Contains Match Occurrence Sequence

I am using a custom match to pull my credit card balance from an OCR'd pdf into the file name using the format '£(number)' and matching on the 4th occurrence (prev balance, payments rec, new activity amounts come first on the page - top-to-bottom).

However, Hazel appears to be updating the file name with the 2nd value on the page, not the 4th? I have manually performed a search for '£' on the pdf and there are no matches higher on the 1st page but there are other matches further down the page, and on subsequent pages.

Does anyone know in what order pages are OCR's - I had assumed top to bottom and left to right but I may be wrong on that. The credit card statement has 3 columns with text in multiple sizes so defining an order for the text may be a much more complex subject than I have assumed.

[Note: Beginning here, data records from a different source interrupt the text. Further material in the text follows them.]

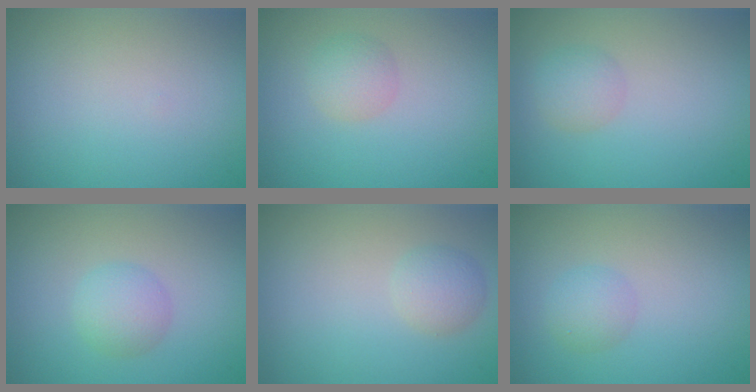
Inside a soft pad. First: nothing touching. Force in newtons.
{"total": 1.9, "press": 1.9, "slide": 0.0}
{"total": 1.6, "press": 1.6, "slide": 0.2}
{"total": 2.3, "press": 2.3, "slide": 0.1}
{"total": 1.8, "press": 1.8, "slide": 0.1}
{"total": 1.8, "press": 1.8, "slide": 0.0}
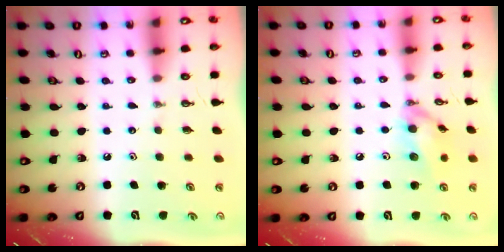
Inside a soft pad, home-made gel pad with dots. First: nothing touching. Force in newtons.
{"total": 11.6, "press": 11.5, "slide": 1.4}

(btw, I have fixed this problem by including the text 'new balance' in the custom match token and then replacing that text when adding to the file name - nevertheless I am still interested in understanding what I am doing wrong).

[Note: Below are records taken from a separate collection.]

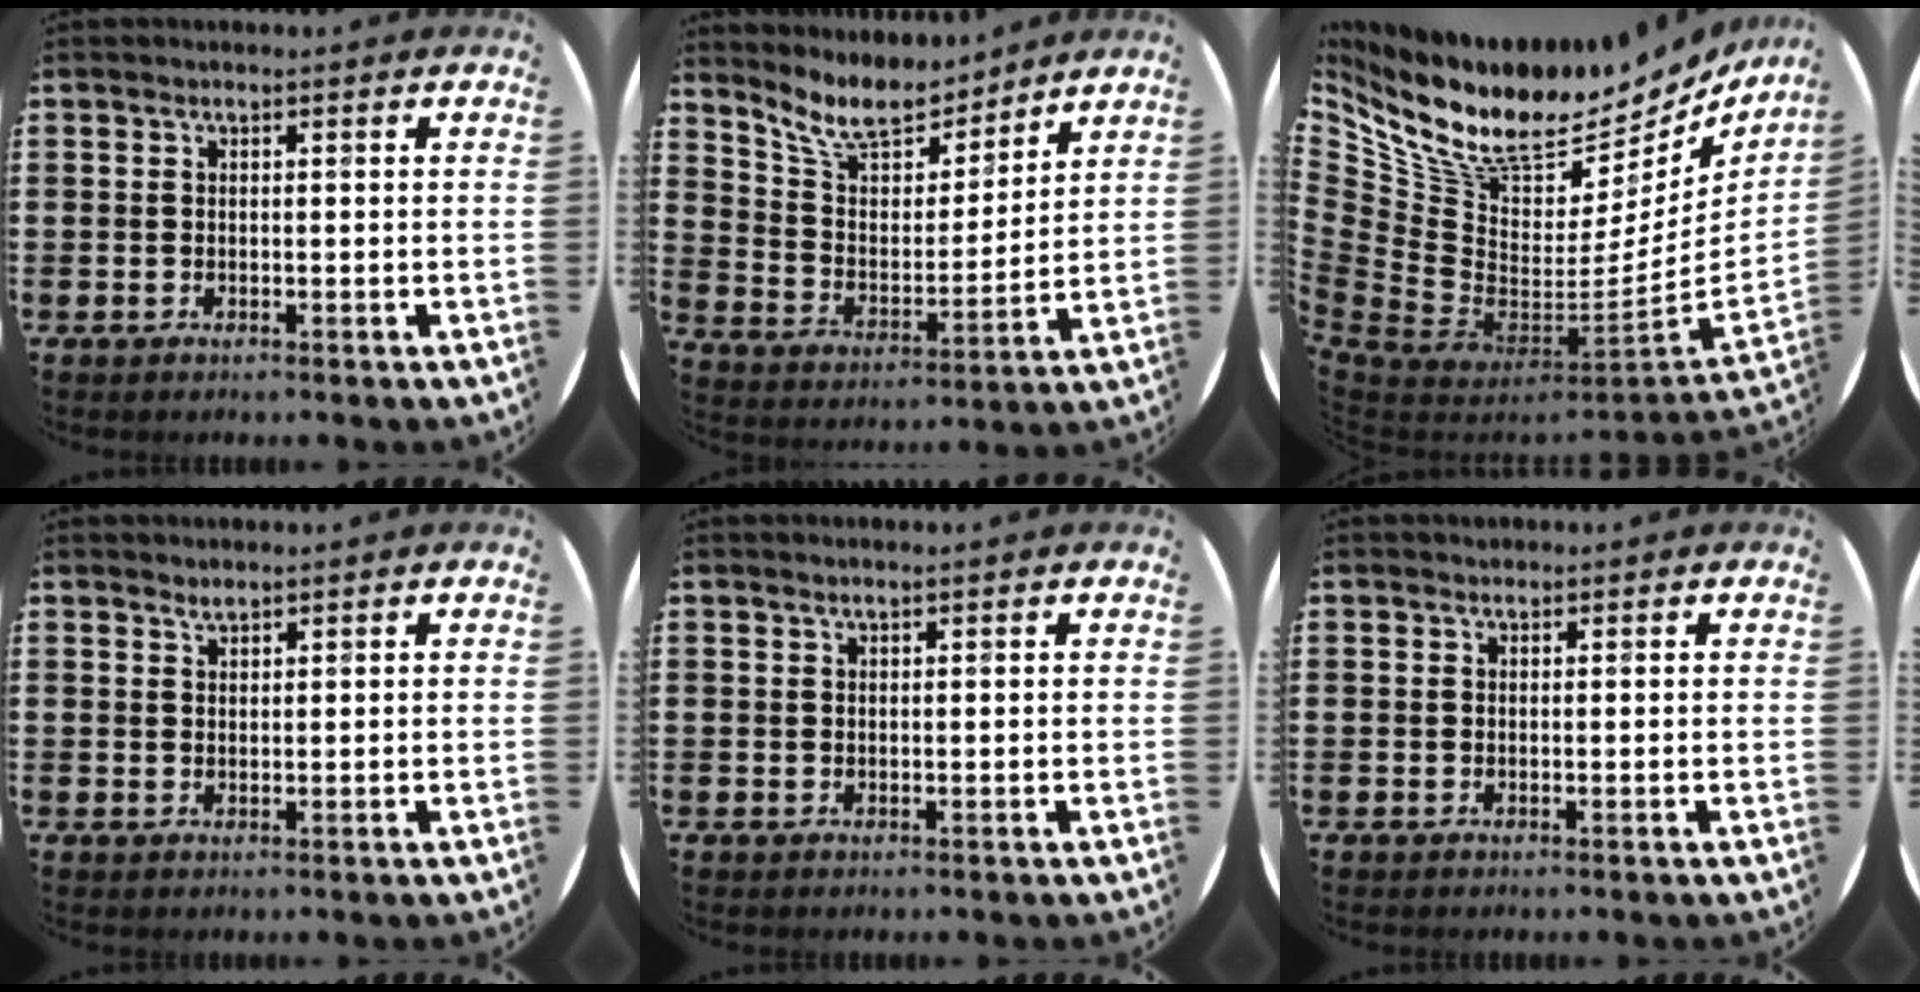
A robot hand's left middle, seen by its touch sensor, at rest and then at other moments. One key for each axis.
{"total": 9.3, "fx": 7.9, "fy": 3.6, "fz": 3.5, "tx": -0.094, "ty": -0.044, "tz": 0.141}
{"total": 11.9, "fx": 8.8, "fy": 5.9, "fz": 5.5, "tx": -0.148, "ty": -0.076, "tz": 0.155}
{"total": 1.1, "fx": 1.1, "fy": 0.0, "fz": 0.0, "tx": 0.000, "ty": 0.000, "tz": 0.021}
{"total": 0.6, "fx": 0.5, "fy": -0.1, "fz": 0.2, "tx": -0.001, "ty": 0.000, "tz": 0.010}
{"total": 0.0}

Unfortunately, the ordering of things in PDF files can be hard to predict. If using OCR, it's up to the OCR program to write out the text in whatever order and sometimes it doesn't quite mesh with what you see visually. This is especially true when there are multiple columns or sections instead of a single stream of text. If you are really curious, reply back and I can give more detailed instructions (requiring use of Terminal) where you can dump the raw text of the file.